Okay, I’m done telling you when this was originally published. I’ll tell you when I’m “up to date.”
Remember my very first post about purging my closet?
Wait, before I continue, if you are a rebel like me and didn’t start from the beginning like I told you to on my home page, then you best click here and catch up. This post kicks off Skeletons Part 2: What the F*&$ (Has) Happened. Oh, sorry, some of you may not have been to the Home page before. My bad. Know what, no, read this post and then decide if you want to start from the very beginning.
Anyway, remember how I was all proud of myself for the progress that I had made in there and my shoes – those damaged, used, discarded, shoes? And how I still had some things to sort and sift through? Wellllllllllll…
It didn’t last. Along came the holidays and with that came presents. Lots and lots of presents. I barely had any floor space and had to move things around to access my “shtuff.” It was really annoying but I told myself that once Christmas was over, I can resume the “transformation” if you will.

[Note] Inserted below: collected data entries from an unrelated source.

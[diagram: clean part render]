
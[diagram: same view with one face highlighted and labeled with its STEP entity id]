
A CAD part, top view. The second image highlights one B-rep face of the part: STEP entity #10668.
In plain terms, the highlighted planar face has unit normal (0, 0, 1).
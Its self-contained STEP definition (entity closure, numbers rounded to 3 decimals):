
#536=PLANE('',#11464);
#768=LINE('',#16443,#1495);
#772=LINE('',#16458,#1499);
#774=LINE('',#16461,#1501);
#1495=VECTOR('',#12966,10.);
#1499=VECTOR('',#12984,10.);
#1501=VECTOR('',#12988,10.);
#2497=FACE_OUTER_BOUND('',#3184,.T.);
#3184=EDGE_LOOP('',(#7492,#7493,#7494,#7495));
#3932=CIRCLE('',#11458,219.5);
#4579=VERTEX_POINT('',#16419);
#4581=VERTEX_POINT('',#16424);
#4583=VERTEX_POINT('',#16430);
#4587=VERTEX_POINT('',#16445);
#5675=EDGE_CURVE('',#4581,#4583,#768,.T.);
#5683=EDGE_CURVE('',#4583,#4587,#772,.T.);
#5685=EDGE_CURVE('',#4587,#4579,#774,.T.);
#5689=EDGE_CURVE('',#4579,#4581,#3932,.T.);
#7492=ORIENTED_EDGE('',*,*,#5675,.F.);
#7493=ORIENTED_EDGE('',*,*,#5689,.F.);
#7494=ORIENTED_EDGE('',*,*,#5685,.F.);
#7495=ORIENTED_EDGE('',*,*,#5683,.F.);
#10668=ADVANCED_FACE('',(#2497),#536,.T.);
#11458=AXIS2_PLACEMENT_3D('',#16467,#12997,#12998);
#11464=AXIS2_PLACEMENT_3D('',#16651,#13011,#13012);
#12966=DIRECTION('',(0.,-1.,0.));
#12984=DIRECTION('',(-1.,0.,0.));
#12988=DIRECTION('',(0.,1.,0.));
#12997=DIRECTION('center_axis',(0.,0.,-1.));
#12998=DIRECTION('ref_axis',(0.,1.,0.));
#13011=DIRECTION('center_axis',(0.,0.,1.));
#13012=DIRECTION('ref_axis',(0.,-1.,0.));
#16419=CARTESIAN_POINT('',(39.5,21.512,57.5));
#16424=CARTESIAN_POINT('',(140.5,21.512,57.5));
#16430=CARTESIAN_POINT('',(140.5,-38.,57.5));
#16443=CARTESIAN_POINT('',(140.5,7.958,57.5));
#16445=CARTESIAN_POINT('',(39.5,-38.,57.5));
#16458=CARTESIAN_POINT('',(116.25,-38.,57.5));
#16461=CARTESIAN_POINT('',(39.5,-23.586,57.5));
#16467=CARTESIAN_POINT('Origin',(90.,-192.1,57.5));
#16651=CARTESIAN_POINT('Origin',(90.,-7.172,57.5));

My closet was slowly returning to the chaotic disaster that it once was and next thing I know I’m promising myself “you’re doing it this weekend” or “you’re doing it on your days off while A2 naps” blah blah blah blah, never following through. Because it hadn’t gotten THAT bad yet. It wasn’t like it was before so I didn’t have a sense of urgency to do something about it.
See, I’m one of THOSE people. The one who will wait until an illness or pain is bad enough to go see her doctor. The one who will not wash her car until it is beyond filthy before getting it washed or who (sometimes) waits until her car is basically running on fumes, barely making it to the gas station to fill up. I could go on but you get the gist. I procrastinate on pretty much EV-ER-Y-THING. Things have to be bad enough or the pressure has to be ON to light a fire under my stubborn, lazy ass.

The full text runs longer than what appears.